Exercise objective:
Repeat the following entries exactly, excluding pictures.

__________________________________________________

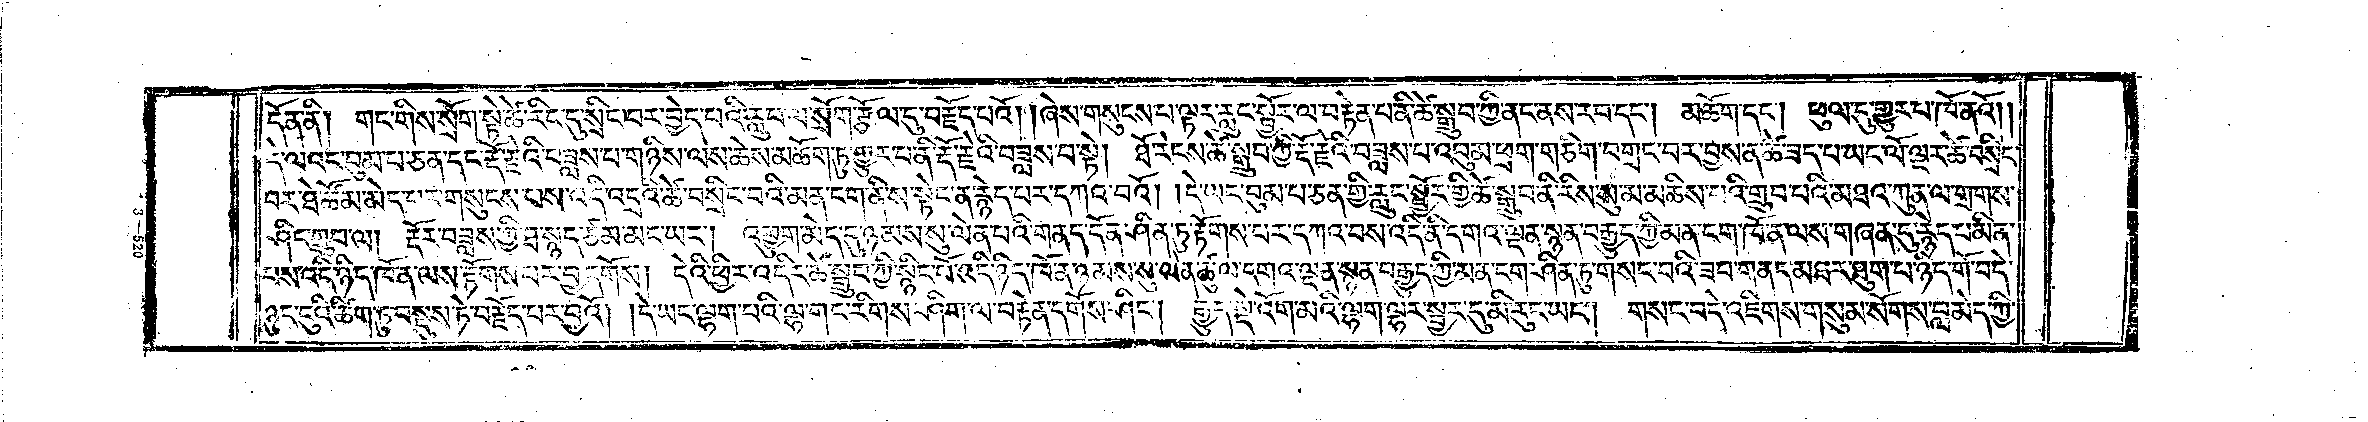དོན་ནི། གང་གིས་སྲོག་སྟེ་ཚེ་རིང་དུ་སྲིང་བར་བྱེད་པའི་རླུང་ལ་སྲོག་རྩོལ་དུ་བརྗོད་པའོ། །ཞེས་གསུངས་པ་ལྟར་རླུང་སྦྱོར་ལ་བརྟེན་པ་ནི་ཚེ་སྒྲུབ་ཀྱི་ནང་ནས་རབ་དང་། མཆོག་དང་། ཕུལ་དུ་གྱུར་པ་ཁོ་ནའོ།།
དེ་ལའང་བུམ་པ་ཅན་དང་རྡོ་རྗེའི་བཟླས་པ་གཉིས་ལས་ཆེས་མཆོག་ཏུ་གྱུར་པ་ནི་རྡོ་རྗེའི་བཟླས་པ་སྟེ། ཐོ་རེངས་ཚེ་སྒྲུབ་ཀྱི་རྡོ་རྗེའི་བཟླས་པ་འབུམ་ཕྲག་གཅིག་བགྲང་བར་བྱས་ན་ཚེ་ཟད་པ་ཡང་ལོ་ལྔར་ཚེ་བསྲིང་
བར་ཐེ་ཚོམ་མེད་པར་གསུངས་པས་འདི་འདྲའི་ཚེ་བསྲིང་བའི་མན་ངག་གི་ས་སྟེང་ན་རྙེད་པར་དཀའ་བའོ། །དེ་ཡང་བུམ་པ་ཅན་གྱི་རླུང་སྦྱོར་གྱི་ཚེ་སྒྲུབ་ནི་རིས་སུ་མ་མཆིས་པའི་གྲུབ་པའི་མཐའ་ཀུན་ལ་གྲགས་
ཤིང་གྲུབ་ལ། རྡོར་བཟླས་ཀྱི་ཐ་སྙད་ཙམ་མང་ཡང་། འཕྱུག་མེད་དུ་ཉམས་སུ་ལེན་པའི་གནད་དོན་ཤིན་ཏུ་རྟོགས་པར་དཀའ་བས་འདི་ནི་དགའ་ལྡན་སྙན་བརྒྱུད་ཀྱི་མན་ངག་ཁོ་ན་ལས་གཞན་དུ་རྙེད་པ་མིན་
པས་འདི་ཉིད་ཁོ་ན་ལས་རྟོགས་པར་བྱ་དགོས། དེའི་ཕྱིར་འདིར་ཚེ་སྒྲུབ་ཀྱི་སྙིང་པོ་འདི་ཉིད་ཁོ་ན་ཉམས་སུ་ལེན་ཚུལ་དགའ་ལྡན་སྙན་བརྒྱུད་ཀྱི་མན་ངག་ཤིན་ཏུ་གསང་བའི་ཟབ་གནད་མཐར་ཐུག་པ་ཉིད་གོ་བ་དེ་
ཉུང་དུའི་ཚིག་ཏུ་བསྡུས་ཏེ་བརྗོད་པར་བྱའོ། །དེ་ཡང་ལྷག་པའི་ལྷ་གང་རིགས་ཤིག་ལ་བརྟེན་དགོས་ཤིང་། རྒྱུད་སྡེ་འོག་མའི་ལྷག་ལྷར་སྦྱར་དུ་མི་རུང་ཡང་། གསང་བདེ་འཇིགས་གསུམ་སོགས་བླ་མེད་ཀྱི་
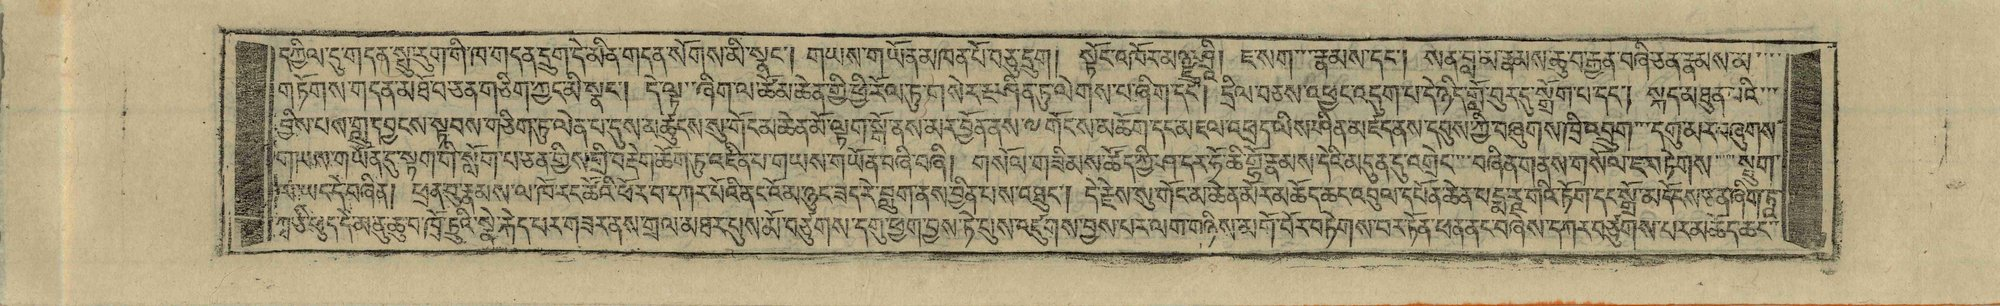དཀྱིལ་དུ་གདན་སྤུ་རུག་གི་ཁ་གདན་དྲུག་དེ་མིན་གདན་སོགས་མི་སྣང་། གཡས་གཡོན་མཁན་པོ་བཅུ་དྲུག །སྟོང་འཁོར་མཉྫུ་ཤྲཱི། ཇ་སག་རྣམས་དང་། སན་བླ་མ་རྣམས་ཆུ་བ་རྒྱན་བཞི་ཅན་རྣམས་མ་
གཏོགས་གདན་མཐོ་བ་ཅན་གཅིག་ཀྱང་མི་སྣང་། དེ་ལྟ་ཞིག་ལ་ཚོམ་ཆེན་གྱི་ཕྱི་རོལ་ཏུ་གསེར་རྔ་ཤིན་ཏུ་ལེགས་པ་ཞིག་དང་། དྲིལ་བཅས་འཕྱང་འདུག་པ་དེ་ཉིད་གློ་བུར་དུ་སྒྲོག་པ་དང་། སྐད་མཐུན་པའི་
བྱིས་པས་གླུ་དབྱངས་སྟབས་གཅིག་ཏུ་ལེན་པ་དུས་མཚུངས་སུ་གོང་མ་ཆེན་མོ་ལྟག་སྒོ་ནས་མར་བྱོན་ནས་༧གོང་ས་མཆོག་དང་མཇལ་འཕྲད་ལིས་ཤིན་མཛད་ནས་དབུས་ཀྱི་བཞུགས་ཁྲི་འབྲུག་དགུ་མར་བཞུགས་
གཡས་གཡོན་དུ་སྟག་གི་སློག་པ་ཅན་གྱིས་གྲི་བརྡེག་ཆོག་ཏུ་འཛིན་པ་གཡས་གཡོན་བཞི་བཞི། གསོལ་གཟིམས་ཚོད་ཀྱི་ཤ་དར་ཧོ་ཆི་གྷོ་རྣམས་དེའི་མདུན་དུ་འགྲེང་བཞིན་གནས་གསོལ་ཇ་བཏེགས་སྤུག་
ལ་ཡང་དེ་བཞིན། ཕྲན་བུ་རྣམས་ལ་ཁོ་རང་ཚོའི་ཕོར་བ་དཀར་པོའི་ནང་འོ་མ་ཉུང་ཟད་རེ་བླུག་ནས་བྱིན་པས་འཐུང་། དེ་རྗེས་སུ་གོང་མ་ཆེན་མོར་མཆོད་ཆང་འབུལ་དཔོན་ཆེན་པདམ་རཱ་གའི་ཏོག་དང་སྒྲོ་མདོངས་ཅན་ཞིག་ཏཱ་
ཀྭ་ཅི་ཕུད་དེ་མ་ནུ་ཆུ་བ་ཁྲོ་ཏྲུའི་སྣེ་རྐེད་པར་གཟར་ནས་གྲལ་མཐར་པུས་མོ་བཙུགས་དགུ་ཕྱག་བྱས་ཏེ་པུས་འཛུགས་བྱས་པར་ལག་གཉིས་མགོ་བོར་བཏེགས་པར་ཏོན་ཕན་ནང་བཞེས་དཀར་བཙུགས་པར་མཆོད་ཆང་

__________________________________________________

Reply to the exercise:
དོན་ནི། གང་གིས་སྲོག་སྟེ་ཚེ་རིང་དུ་སྲིང་བར་བྱེད་པའི་རླུང་ལ་སྲོག་རྩོལ་དུ་བརྗོད་པའོ། །ཞེས་གསུངས་པ་ལྟར་རླུང་སྦྱོར་ལ་བརྟེན་པ་ནི་ཚེ་སྒྲུབ་ཀྱི་ནང་ནས་རབ་དང་། མཆོག་དང་། ཕུལ་དུ་གྱུར་པ་ཁོ་ནའོ།།
དེ་ལའང་བུམ་པ་ཅན་དང་རྡོ་རྗེའི་བཟླས་པ་གཉིས་ལས་ཆེས་མཆོག་ཏུ་གྱུར་པ་ནི་རྡོ་རྗེའི་བཟླས་པ་སྟེ། ཐོ་རེངས་ཚེ་སྒྲུབ་ཀྱི་རྡོ་རྗེའི་བཟླས་པ་འབུམ་ཕྲག་གཅིག་བགྲང་བར་བྱས་ན་ཚེ་ཟད་པ་ཡང་ལོ་ལྔར་ཚེ་བསྲིང་
བར་ཐེ་ཚོམ་མེད་པར་གསུངས་པས་འདི་འདྲའི་ཚེ་བསྲིང་བའི་མན་ངག་གི་ས་སྟེང་ན་རྙེད་པར་དཀའ་བའོ། །དེ་ཡང་བུམ་པ་ཅན་གྱི་རླུང་སྦྱོར་གྱི་ཚེ་སྒྲུབ་ནི་རིས་སུ་མ་མཆིས་པའི་གྲུབ་པའི་མཐའ་ཀུན་ལ་གྲགས་
ཤིང་གྲུབ་ལ། རྡོར་བཟླས་ཀྱི་ཐ་སྙད་ཙམ་མང་ཡང་། འཕྱུག་མེད་དུ་ཉམས་སུ་ལེན་པའི་གནད་དོན་ཤིན་ཏུ་རྟོགས་པར་དཀའ་བས་འདི་ནི་དགའ་ལྡན་སྙན་བརྒྱུད་ཀྱི་མན་ངག་ཁོ་ན་ལས་གཞན་དུ་རྙེད་པ་མིན་
པས་འདི་ཉིད་ཁོ་ན་ལས་རྟོགས་པར་བྱ་དགོས། དེའི་ཕྱིར་འདིར་ཚེ་སྒྲུབ་ཀྱི་སྙིང་པོ་འདི་ཉིད་ཁོ་ན་ཉམས་སུ་ལེན་ཚུལ་དགའ་ལྡན་སྙན་བརྒྱུད་ཀྱི་མན་ངག་ཤིན་ཏུ་གསང་བའི་ཟབ་གནད་མཐར་ཐུག་པ་ཉིད་གོ་བ་དེ་
ཉུང་དུའི་ཚིག་ཏུ་བསྡུས་ཏེ་བརྗོད་པར་བྱའོ། །དེ་ཡང་ལྷག་པའི་ལྷ་གང་རིགས་ཤིག་ལ་བརྟེན་དགོས་ཤིང་། རྒྱུད་སྡེ་འོག་མའི་ལྷག་ལྷར་སྦྱར་དུ་མི་རུང་ཡང་། གསང་བདེ་འཇིགས་གསུམ་སོགས་བླ་མེད་ཀྱི་
དཀྱིལ་དུ་གདན་སྤུ་རུག་གི་ཁ་གདན་དྲུག་དེ་མིན་གདན་སོགས་མི་སྣང་། གཡས་གཡོན་མཁན་པོ་བཅུ་དྲུག །སྟོང་འཁོར་མཉྫུ་ཤྲཱི། ཇ་སག་རྣམས་དང་། སན་བླ་མ་རྣམས་ཆུ་བ་རྒྱན་བཞི་ཅན་རྣམས་མ་
གཏོགས་གདན་མཐོ་བ་ཅན་གཅིག་ཀྱང་མི་སྣང་། དེ་ལྟ་ཞིག་ལ་ཚོམ་ཆེན་གྱི་ཕྱི་རོལ་ཏུ་གསེར་རྔ་ཤིན་ཏུ་ལེགས་པ་ཞིག་དང་། དྲིལ་བཅས་འཕྱང་འདུག་པ་དེ་ཉིད་གློ་བུར་དུ་སྒྲོག་པ་དང་། སྐད་མཐུན་པའི་
བྱིས་པས་གླུ་དབྱངས་སྟབས་གཅིག་ཏུ་ལེན་པ་དུས་མཚུངས་སུ་གོང་མ་ཆེན་མོ་ལྟག་སྒོ་ནས་མར་བྱོན་ནས་༧གོང་ས་མཆོག་དང་མཇལ་འཕྲད་ལིས་ཤིན་མཛད་ནས་དབུས་ཀྱི་བཞུགས་ཁྲི་འབྲུག་དགུ་མར་བཞུགས་
གཡས་གཡོན་དུ་སྟག་གི་སློག་པ་ཅན་གྱིས་གྲི་བརྡེག་ཆོག་ཏུ་འཛིན་པ་གཡས་གཡོན་བཞི་བཞི། གསོལ་གཟིམས་ཚོད་ཀྱི་ཤ་དར་ཧོ་ཆི་གྷོ་རྣམས་དེའི་མདུན་དུ་འགྲེང་བཞིན་གནས་གསོལ་ཇ་བཏེགས་སྤུག་
ལ་ཡང་དེ་བཞིན། ཕྲན་བུ་རྣམས་ལ་ཁོ་རང་ཚོའི་ཕོར་བ་དཀར་པོའི་ནང་འོ་མ་ཉུང་ཟད་རེ་བླུག་ནས་བྱིན་པས་འཐུང་། དེ་རྗེས་སུ་གོང་མ་ཆེན་མོར་མཆོད་ཆང་འབུལ་དཔོན་ཆེན་པདམ་རཱ་གའི་ཏོག་དང་སྒྲོ་མདོངས་ཅན་ཞིག་ཏཱ་
ཀྭ་ཅི་ཕུད་དེ་མ་ནུ་ཆུ་བ་ཁྲོ་ཏྲུའི་སྣེ་རྐེད་པར་གཟར་ནས་གྲལ་མཐར་པུས་མོ་བཙུགས་དགུ་ཕྱག་བྱས་ཏེ་པུས་འཛུགས་བྱས་པར་ལག་གཉིས་མགོ་བོར་བཏེགས་པར་ཏོན་ཕན་ནང་བཞེས་དཀར་བཙུགས་པར་མཆོད་ཆང་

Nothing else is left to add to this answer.